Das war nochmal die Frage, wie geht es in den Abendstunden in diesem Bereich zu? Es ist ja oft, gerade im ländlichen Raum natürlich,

※ ※ ※

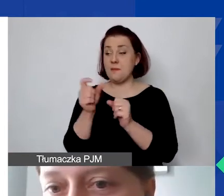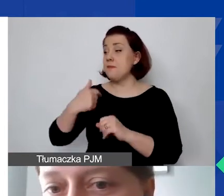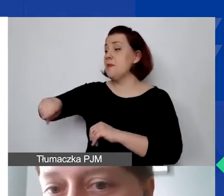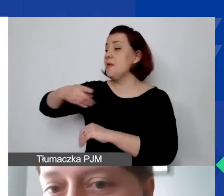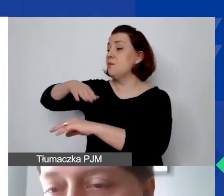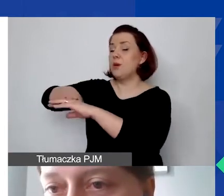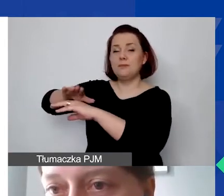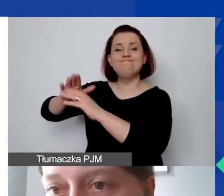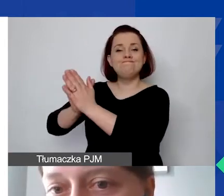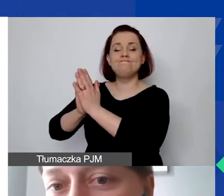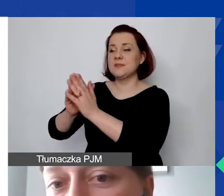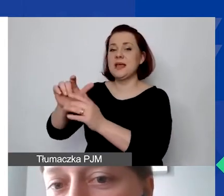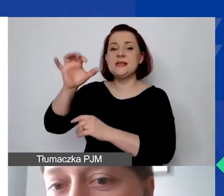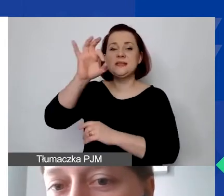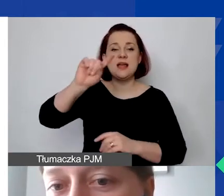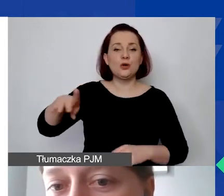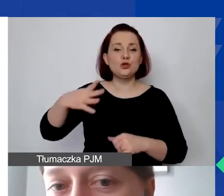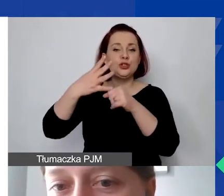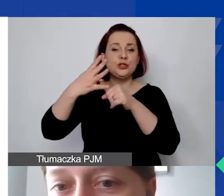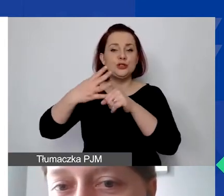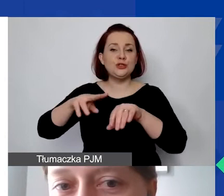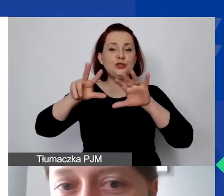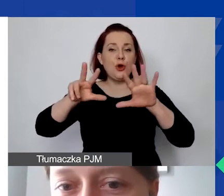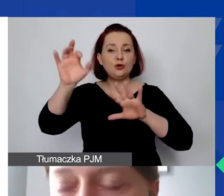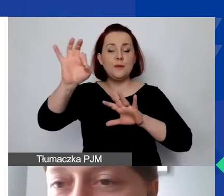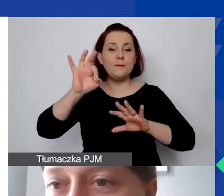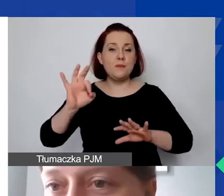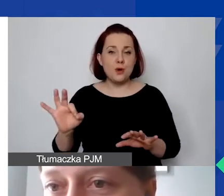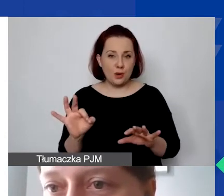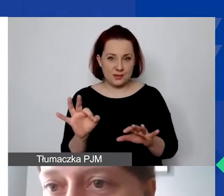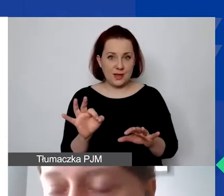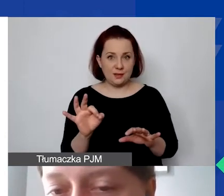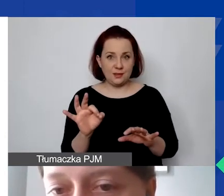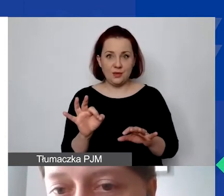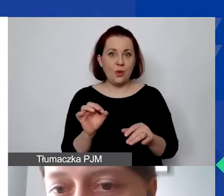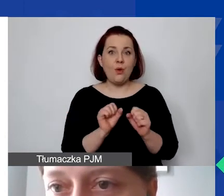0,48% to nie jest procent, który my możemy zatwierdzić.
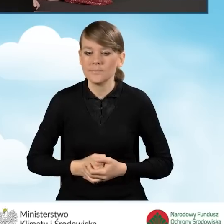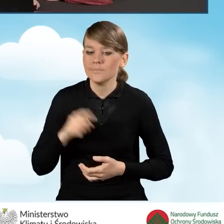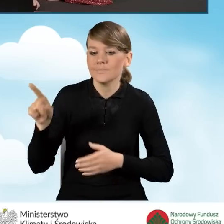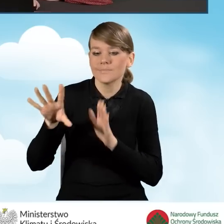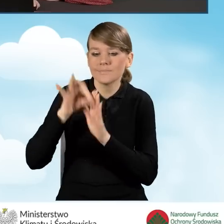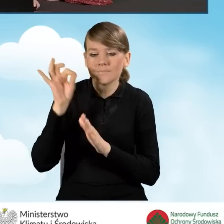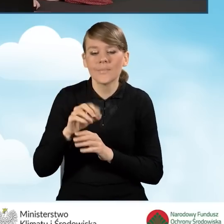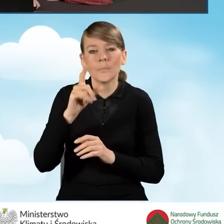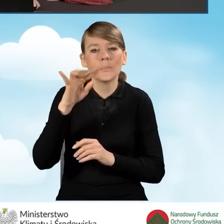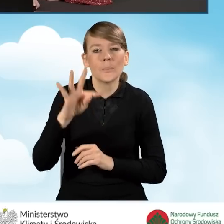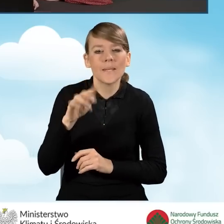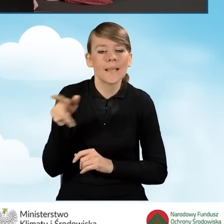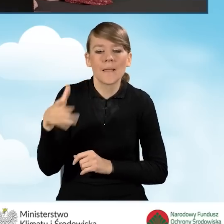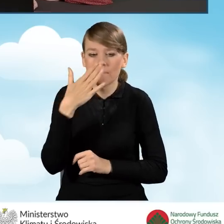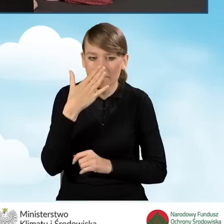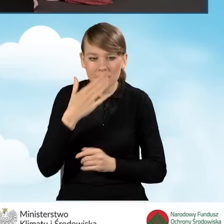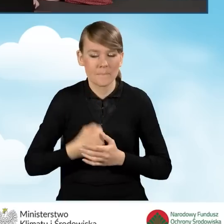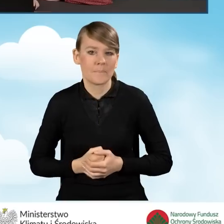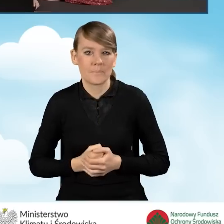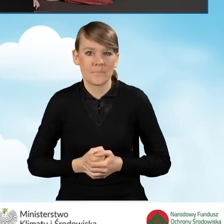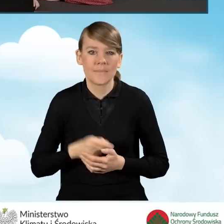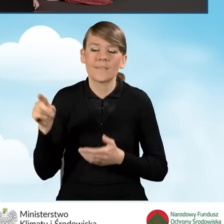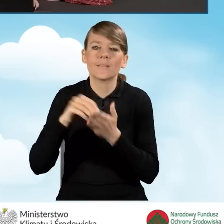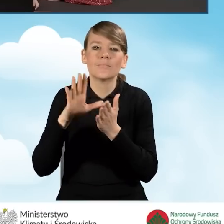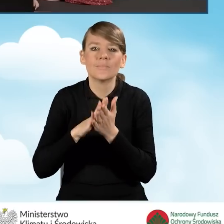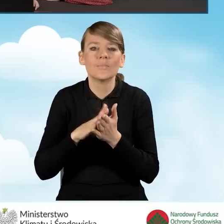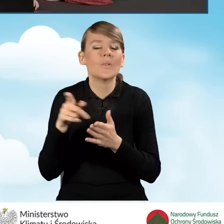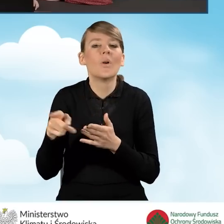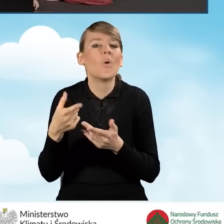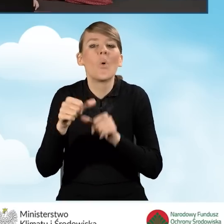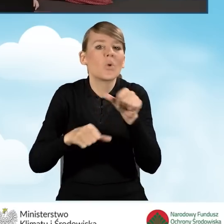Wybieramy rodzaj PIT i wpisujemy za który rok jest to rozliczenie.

※ ※ ※

■ **AIM OF THE EXERCISE**
Return the lines above from the one with "0,48% to nie" through the one with "Wybieramy rodzaj PIT", verbatim and nothing else. Omit every picture.

■ **RESPONSE AREA**
0,48% to nie jest procent, który my możemy zatwierdzić.
Wybieramy rodzaj PIT i wpisujemy za który rok jest to rozliczenie.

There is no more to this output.